Our politics

We are socialists, diasporists and secularists. As socialists we know that there can be no secure future for Jews, other minorities, working people and the unemployed under an economic system that promotes greed over need. We are anti-capitalist and anti-imperialist and we campaign for social justice locally, nationally and internationally. We join with others to fight discrimination and persecution and we also challenge conservative forces within our own community. We work for a socialist solution to the Israel/Palestine conflict, based on equality and self-determination for Israeli and Palestinian Jews and Arabs, and we challenge the leaders of the Jewish community when they defend or excuse Israel’s treatment of the Palestinians.

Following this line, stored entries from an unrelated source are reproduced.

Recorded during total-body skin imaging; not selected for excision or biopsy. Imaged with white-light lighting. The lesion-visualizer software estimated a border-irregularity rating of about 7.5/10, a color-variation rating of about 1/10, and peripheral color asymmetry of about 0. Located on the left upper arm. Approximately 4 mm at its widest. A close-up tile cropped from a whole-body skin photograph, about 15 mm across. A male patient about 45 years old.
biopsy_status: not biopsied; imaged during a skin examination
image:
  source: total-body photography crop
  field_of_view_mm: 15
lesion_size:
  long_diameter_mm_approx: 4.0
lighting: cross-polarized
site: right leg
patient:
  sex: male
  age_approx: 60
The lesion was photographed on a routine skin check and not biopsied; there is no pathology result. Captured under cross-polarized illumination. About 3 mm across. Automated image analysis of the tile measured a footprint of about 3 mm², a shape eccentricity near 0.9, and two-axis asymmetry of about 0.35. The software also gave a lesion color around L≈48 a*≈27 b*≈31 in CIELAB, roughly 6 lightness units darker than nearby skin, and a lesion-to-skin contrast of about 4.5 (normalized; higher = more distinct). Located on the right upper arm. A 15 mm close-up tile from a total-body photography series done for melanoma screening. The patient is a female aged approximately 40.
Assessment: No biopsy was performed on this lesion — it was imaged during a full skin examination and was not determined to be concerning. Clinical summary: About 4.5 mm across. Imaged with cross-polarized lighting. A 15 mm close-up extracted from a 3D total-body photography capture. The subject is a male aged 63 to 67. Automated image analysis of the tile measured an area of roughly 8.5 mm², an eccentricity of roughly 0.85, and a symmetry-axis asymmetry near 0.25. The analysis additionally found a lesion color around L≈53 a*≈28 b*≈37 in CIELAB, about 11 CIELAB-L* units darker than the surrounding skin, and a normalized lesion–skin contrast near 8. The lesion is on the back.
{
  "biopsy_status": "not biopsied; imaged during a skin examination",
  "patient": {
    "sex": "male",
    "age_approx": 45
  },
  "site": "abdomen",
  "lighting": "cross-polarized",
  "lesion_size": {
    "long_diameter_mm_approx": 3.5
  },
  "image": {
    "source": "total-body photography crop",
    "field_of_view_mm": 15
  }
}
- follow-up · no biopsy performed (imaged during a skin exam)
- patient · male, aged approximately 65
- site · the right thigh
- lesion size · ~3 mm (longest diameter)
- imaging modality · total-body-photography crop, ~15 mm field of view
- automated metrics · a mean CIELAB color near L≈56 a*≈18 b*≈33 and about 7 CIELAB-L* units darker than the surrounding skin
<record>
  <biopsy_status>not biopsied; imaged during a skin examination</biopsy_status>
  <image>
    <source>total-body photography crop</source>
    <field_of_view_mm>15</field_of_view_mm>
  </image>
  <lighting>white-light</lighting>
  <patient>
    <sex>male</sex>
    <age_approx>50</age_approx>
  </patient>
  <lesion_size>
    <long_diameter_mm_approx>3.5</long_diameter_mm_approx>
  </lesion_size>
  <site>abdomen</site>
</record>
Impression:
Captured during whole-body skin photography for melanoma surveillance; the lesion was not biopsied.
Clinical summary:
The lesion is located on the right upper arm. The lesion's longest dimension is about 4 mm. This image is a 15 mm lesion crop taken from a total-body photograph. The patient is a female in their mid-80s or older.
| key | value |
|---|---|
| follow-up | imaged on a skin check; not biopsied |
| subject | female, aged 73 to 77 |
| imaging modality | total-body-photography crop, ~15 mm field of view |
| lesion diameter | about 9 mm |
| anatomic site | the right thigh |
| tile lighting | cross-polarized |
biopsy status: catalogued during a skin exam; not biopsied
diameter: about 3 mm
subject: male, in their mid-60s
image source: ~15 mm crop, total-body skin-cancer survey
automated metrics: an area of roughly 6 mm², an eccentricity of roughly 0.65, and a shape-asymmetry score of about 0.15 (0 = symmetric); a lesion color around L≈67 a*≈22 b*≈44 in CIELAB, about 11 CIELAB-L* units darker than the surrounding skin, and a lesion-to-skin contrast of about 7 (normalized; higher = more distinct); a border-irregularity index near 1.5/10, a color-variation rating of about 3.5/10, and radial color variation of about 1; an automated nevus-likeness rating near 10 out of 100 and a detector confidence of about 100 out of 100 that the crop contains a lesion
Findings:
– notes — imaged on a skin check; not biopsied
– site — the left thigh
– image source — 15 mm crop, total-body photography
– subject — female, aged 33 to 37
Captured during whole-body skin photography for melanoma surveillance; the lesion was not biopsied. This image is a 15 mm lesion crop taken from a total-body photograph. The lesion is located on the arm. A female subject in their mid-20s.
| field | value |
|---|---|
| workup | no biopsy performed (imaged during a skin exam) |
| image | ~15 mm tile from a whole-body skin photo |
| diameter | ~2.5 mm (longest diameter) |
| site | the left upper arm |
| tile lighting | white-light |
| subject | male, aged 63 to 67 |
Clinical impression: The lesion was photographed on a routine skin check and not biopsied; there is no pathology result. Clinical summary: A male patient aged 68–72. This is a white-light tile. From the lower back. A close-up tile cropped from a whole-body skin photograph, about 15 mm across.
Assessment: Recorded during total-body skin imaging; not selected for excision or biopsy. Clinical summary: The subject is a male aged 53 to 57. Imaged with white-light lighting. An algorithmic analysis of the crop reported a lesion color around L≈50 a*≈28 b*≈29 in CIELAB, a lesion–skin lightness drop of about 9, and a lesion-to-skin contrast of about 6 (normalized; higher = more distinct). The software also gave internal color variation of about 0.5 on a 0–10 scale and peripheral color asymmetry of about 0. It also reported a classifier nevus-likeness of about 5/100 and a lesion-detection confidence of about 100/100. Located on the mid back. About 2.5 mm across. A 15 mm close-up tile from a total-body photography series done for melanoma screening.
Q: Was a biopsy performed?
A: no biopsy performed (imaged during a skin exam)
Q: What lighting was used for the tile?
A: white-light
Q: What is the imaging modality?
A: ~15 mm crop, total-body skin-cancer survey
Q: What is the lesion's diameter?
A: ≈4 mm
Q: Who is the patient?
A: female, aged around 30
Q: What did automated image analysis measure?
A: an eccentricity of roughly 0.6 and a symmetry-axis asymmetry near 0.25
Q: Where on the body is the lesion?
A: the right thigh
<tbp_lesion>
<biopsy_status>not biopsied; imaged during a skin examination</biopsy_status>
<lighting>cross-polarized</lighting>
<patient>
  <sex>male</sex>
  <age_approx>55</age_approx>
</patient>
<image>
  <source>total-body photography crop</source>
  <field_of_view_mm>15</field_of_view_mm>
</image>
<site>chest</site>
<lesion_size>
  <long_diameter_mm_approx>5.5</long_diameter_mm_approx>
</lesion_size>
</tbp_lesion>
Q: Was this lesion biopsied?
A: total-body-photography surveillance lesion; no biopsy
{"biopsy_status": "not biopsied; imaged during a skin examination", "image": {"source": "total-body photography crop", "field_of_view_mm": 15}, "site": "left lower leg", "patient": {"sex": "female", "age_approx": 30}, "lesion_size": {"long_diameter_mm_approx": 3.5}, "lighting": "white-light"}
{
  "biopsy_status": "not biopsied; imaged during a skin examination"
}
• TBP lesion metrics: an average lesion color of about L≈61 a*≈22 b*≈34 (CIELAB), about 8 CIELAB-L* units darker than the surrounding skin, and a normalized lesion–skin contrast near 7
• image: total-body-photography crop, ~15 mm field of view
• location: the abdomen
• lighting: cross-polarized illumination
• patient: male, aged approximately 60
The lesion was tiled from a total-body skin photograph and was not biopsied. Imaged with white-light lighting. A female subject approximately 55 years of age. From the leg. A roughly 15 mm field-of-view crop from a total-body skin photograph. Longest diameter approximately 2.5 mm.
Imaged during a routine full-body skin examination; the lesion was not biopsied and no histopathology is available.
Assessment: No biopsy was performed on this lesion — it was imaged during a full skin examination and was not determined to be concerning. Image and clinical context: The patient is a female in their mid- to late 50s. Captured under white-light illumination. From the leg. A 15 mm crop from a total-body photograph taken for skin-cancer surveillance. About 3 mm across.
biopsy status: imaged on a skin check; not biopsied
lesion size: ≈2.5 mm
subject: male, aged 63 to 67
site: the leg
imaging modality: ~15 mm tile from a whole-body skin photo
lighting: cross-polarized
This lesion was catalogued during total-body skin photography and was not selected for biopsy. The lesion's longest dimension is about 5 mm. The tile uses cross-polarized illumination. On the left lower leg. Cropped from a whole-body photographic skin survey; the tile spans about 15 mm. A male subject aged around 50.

As diasporists we celebrate the fact that the Jews are an international people. We support the right of Jews and other ethnic minorities to live in security and harmony with other communities wherever they are in the world, and to be free to express and develop their historical and cultural identities. In the diaspora we are at home, not in exile. We reject the negative ideology of Zionism, which subordinates the political, social, economic and cultural needs of diaspora communities to the demands of the Israeli state.

As secularists we fight for democracy, equality and the right to dissent within the Jewish community and in the wider society. Jewish identity is diverse and dynamic, and we are especially committed to strengthening a progressive, secular Jewish identity. We challenge our communal establishment’s attempts to confine Jewishness within a religious or Zionist framework and to marginalise and exclude people from Jewish life on the basis of their politics, gender or sexuality. As secularists we argue for the separation of religion from the state, so that individuals of all religions and none are citizens on equal terms; we also apply this principle to our own community so that all Jews have an equal right to express themselves.

An alternative voice

The needs of ordinary Jewish people, and the diverse range of opinions within our community, are constantly misrepresented by powerful individuals and institutions such as the Chief Rabbi, the Board of Deputies, the Israeli Embassy, the Jewish Leadership Council and the mainstream Jewish press. They claim to speak on our behalf but they share a narrow set of political orthodoxies and interests. Our group gives a voice and a platform to anti-racist Jews, Jewish feminists, working class Jews, gay and lesbian Jews, secular Jews, diasporist Jews. We give a voice and a platform to Jews who do not fear open debate or interaction with other communities.